*** Record excerpts ***

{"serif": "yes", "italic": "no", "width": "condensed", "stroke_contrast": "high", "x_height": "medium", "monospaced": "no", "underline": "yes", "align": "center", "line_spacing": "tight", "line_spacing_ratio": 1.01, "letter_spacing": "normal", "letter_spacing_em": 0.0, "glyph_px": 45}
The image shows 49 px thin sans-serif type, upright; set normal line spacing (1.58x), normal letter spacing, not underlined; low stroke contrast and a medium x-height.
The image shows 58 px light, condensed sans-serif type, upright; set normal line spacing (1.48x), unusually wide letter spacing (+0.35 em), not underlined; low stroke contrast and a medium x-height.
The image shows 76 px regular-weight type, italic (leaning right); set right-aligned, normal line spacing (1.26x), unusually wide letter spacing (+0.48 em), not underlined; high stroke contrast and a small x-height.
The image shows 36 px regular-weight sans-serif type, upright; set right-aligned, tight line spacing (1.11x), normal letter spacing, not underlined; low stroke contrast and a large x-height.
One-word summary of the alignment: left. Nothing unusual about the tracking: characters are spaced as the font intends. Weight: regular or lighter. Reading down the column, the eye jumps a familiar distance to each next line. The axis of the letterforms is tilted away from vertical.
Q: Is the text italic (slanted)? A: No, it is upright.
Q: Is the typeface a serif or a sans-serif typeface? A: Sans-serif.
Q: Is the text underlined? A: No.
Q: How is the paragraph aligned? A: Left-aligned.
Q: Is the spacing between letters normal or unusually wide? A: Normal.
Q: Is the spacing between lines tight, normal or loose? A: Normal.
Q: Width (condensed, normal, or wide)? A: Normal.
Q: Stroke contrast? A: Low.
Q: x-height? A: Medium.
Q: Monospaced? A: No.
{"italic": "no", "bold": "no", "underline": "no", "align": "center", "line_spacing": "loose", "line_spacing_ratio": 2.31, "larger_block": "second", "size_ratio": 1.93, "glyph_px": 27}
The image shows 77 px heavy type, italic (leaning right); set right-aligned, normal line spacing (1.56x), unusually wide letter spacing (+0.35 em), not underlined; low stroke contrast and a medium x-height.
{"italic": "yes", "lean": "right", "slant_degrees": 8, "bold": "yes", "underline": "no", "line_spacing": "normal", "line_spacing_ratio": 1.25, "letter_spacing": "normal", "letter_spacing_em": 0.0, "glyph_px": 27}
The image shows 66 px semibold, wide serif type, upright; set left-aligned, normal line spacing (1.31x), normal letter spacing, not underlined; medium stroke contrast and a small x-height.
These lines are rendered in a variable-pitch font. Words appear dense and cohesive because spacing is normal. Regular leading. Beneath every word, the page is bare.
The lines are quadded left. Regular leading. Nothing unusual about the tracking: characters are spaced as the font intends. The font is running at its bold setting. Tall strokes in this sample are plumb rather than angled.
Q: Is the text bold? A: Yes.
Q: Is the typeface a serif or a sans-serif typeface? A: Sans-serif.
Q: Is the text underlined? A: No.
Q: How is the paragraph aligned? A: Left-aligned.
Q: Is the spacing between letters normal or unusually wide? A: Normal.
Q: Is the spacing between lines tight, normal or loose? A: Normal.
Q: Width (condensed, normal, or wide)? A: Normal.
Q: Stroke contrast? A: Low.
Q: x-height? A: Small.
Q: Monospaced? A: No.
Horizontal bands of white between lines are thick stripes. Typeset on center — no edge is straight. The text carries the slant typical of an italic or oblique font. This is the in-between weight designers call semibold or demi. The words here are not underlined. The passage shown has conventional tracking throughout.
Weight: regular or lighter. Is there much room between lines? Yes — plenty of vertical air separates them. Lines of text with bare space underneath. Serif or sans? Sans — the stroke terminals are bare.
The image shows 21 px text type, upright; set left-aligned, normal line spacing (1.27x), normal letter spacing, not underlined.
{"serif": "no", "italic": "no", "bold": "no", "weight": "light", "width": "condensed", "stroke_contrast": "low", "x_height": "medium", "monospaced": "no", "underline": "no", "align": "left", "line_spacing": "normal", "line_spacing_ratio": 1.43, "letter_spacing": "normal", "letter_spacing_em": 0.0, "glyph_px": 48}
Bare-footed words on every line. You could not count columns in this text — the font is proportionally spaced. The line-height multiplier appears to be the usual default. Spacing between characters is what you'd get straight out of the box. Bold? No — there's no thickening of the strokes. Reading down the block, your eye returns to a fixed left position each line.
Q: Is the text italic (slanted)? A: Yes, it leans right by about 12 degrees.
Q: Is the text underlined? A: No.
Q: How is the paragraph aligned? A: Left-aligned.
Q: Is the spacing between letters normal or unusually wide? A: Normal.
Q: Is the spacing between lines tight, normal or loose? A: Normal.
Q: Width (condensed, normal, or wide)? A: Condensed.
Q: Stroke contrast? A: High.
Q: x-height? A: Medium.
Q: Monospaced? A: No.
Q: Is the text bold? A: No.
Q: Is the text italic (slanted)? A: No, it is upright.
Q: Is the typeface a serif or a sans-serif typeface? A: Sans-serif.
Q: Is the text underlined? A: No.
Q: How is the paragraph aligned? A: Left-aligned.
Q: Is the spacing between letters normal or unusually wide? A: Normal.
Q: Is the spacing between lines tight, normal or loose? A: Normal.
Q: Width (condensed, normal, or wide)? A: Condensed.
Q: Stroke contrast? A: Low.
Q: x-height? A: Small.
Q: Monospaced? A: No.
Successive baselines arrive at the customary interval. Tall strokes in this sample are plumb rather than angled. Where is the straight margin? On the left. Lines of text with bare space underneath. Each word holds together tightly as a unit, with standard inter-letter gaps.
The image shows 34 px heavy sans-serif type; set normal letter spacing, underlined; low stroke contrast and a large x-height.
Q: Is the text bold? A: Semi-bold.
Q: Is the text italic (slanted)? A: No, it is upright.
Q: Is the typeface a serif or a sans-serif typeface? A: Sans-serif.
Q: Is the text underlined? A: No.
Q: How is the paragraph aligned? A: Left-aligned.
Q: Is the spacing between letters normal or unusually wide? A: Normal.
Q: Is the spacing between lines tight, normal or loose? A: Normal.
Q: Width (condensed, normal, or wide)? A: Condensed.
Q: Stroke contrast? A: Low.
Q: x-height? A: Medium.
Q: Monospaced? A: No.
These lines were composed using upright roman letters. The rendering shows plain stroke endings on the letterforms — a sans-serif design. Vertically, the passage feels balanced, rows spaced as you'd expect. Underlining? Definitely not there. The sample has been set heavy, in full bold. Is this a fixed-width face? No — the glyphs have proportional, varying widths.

*** End of Record excerpts ***

**Description of the task**
Without leaving anything out, give the entries again exactly.

**Response to the exercise**
{"serif": "yes", "italic": "no", "width": "condensed", "stroke_contrast": "high", "x_height": "medium", "monospaced": "no", "underline": "yes", "align": "center", "line_spacing": "tight", "line_spacing_ratio": 1.01, "letter_spacing": "normal", "letter_spacing_em": 0.0, "glyph_px": 45}
The image shows 49 px thin sans-serif type, upright; set normal line spacing (1.58x), normal letter spacing, not underlined; low stroke contrast and a medium x-height.
The image shows 58 px light, condensed sans-serif type, upright; set normal line spacing (1.48x), unusually wide letter spacing (+0.35 em), not underlined; low stroke contrast and a medium x-height.
The image shows 76 px regular-weight type, italic (leaning right); set right-aligned, normal line spacing (1.26x), unusually wide letter spacing (+0.48 em), not underlined; high stroke contrast and a small x-height.
The image shows 36 px regular-weight sans-serif type, upright; set right-aligned, tight line spacing (1.11x), normal letter spacing, not underlined; low stroke contrast and a large x-height.
One-word summary of the alignment: left. Nothing unusual about the tracking: characters are spaced as the font intends. Weight: regular or lighter. Reading down the column, the eye jumps a familiar distance to each next line. The axis of the letterforms is tilted away from vertical.
Q: Is the text italic (slanted)? A: No, it is upright.
Q: Is the typeface a serif or a sans-serif typeface? A: Sans-serif.
Q: Is the text underlined? A: No.
Q: How is the paragraph aligned? A: Left-aligned.
Q: Is the spacing between letters normal or unusually wide? A: Normal.
Q: Is the spacing between lines tight, normal or loose? A: Normal.
Q: Width (condensed, normal, or wide)? A: Normal.
Q: Stroke contrast? A: Low.
Q: x-height? A: Medium.
Q: Monospaced? A: No.
{"italic": "no", "bold": "no", "underline": "no", "align": "center", "line_spacing": "loose", "line_spacing_ratio": 2.31, "larger_block": "second", "size_ratio": 1.93, "glyph_px": 27}
The image shows 77 px heavy type, italic (leaning right); set right-aligned, normal line spacing (1.56x), unusually wide letter spacing (+0.35 em), not underlined; low stroke contrast and a medium x-height.
{"italic": "yes", "lean": "right", "slant_degrees": 8, "bold": "yes", "underline": "no", "line_spacing": "normal", "line_spacing_ratio": 1.25, "letter_spacing": "normal", "letter_spacing_em": 0.0, "glyph_px": 27}
The image shows 66 px semibold, wide serif type, upright; set left-aligned, normal line spacing (1.31x), normal letter spacing, not underlined; medium stroke contrast and a small x-height.
These lines are rendered in a variable-pitch font. Words appear dense and cohesive because spacing is normal. Regular leading. Beneath every word, the page is bare.
The lines are quadded left. Regular leading. Nothing unusual about the tracking: characters are spaced as the font intends. The font is running at its bold setting. Tall strokes in this sample are plumb rather than angled.
Q: Is the text bold? A: Yes.
Q: Is the typeface a serif or a sans-serif typeface? A: Sans-serif.
Q: Is the text underlined? A: No.
Q: How is the paragraph aligned? A: Left-aligned.
Q: Is the spacing between letters normal or unusually wide? A: Normal.
Q: Is the spacing between lines tight, normal or loose? A: Normal.
Q: Width (condensed, normal, or wide)? A: Normal.
Q: Stroke contrast? A: Low.
Q: x-height? A: Small.
Q: Monospaced? A: No.
Horizontal bands of white between lines are thick stripes. Typeset on center — no edge is straight. The text carries the slant typical of an italic or oblique font. This is the in-between weight designers call semibold or demi. The words here are not underlined. The passage shown has conventional tracking throughout.
Weight: regular or lighter. Is there much room between lines? Yes — plenty of vertical air separates them. Lines of text with bare space underneath. Serif or sans? Sans — the stroke terminals are bare.
The image shows 21 px text type, upright; set left-aligned, normal line spacing (1.27x), normal letter spacing, not underlined.
{"serif": "no", "italic": "no", "bold": "no", "weight": "light", "width": "condensed", "stroke_contrast": "low", "x_height": "medium", "monospaced": "no", "underline": "no", "align": "left", "line_spacing": "normal", "line_spacing_ratio": 1.43, "letter_spacing": "normal", "letter_spacing_em": 0.0, "glyph_px": 48}
Bare-footed words on every line. You could not count columns in this text — the font is proportionally spaced. The line-height multiplier appears to be the usual default. Spacing between characters is what you'd get straight out of the box. Bold? No — there's no thickening of the strokes. Reading down the block, your eye returns to a fixed left position each line.
Q: Is the text italic (slanted)? A: Yes, it leans right by about 12 degrees.
Q: Is the text underlined? A: No.
Q: How is the paragraph aligned? A: Left-aligned.
Q: Is the spacing between letters normal or unusually wide? A: Normal.
Q: Is the spacing between lines tight, normal or loose? A: Normal.
Q: Width (condensed, normal, or wide)? A: Condensed.
Q: Stroke contrast? A: High.
Q: x-height? A: Medium.
Q: Monospaced? A: No.
Q: Is the text bold? A: No.
Q: Is the text italic (slanted)? A: No, it is upright.
Q: Is the typeface a serif or a sans-serif typeface? A: Sans-serif.
Q: Is the text underlined? A: No.
Q: How is the paragraph aligned? A: Left-aligned.
Q: Is the spacing between letters normal or unusually wide? A: Normal.
Q: Is the spacing between lines tight, normal or loose? A: Normal.
Q: Width (condensed, normal, or wide)? A: Condensed.
Q: Stroke contrast? A: Low.
Q: x-height? A: Small.
Q: Monospaced? A: No.
Successive baselines arrive at the customary interval. Tall strokes in this sample are plumb rather than angled. Where is the straight margin? On the left. Lines of text with bare space underneath. Each word holds together tightly as a unit, with standard inter-letter gaps.
The image shows 34 px heavy sans-serif type; set normal letter spacing, underlined; low stroke contrast and a large x-height.
Q: Is the text bold? A: Semi-bold.
Q: Is the text italic (slanted)? A: No, it is upright.
Q: Is the typeface a serif or a sans-serif typeface? A: Sans-serif.
Q: Is the text underlined? A: No.
Q: How is the paragraph aligned? A: Left-aligned.
Q: Is the spacing between letters normal or unusually wide? A: Normal.
Q: Is the spacing between lines tight, normal or loose? A: Normal.
Q: Width (condensed, normal, or wide)? A: Condensed.
Q: Stroke contrast? A: Low.
Q: x-height? A: Medium.
Q: Monospaced? A: No.
These lines were composed using upright roman letters. The rendering shows plain stroke endings on the letterforms — a sans-serif design. Vertically, the passage feels balanced, rows spaced as you'd expect. Underlining? Definitely not there. The sample has been set heavy, in full bold. Is this a fixed-width face? No — the glyphs have proportional, varying widths.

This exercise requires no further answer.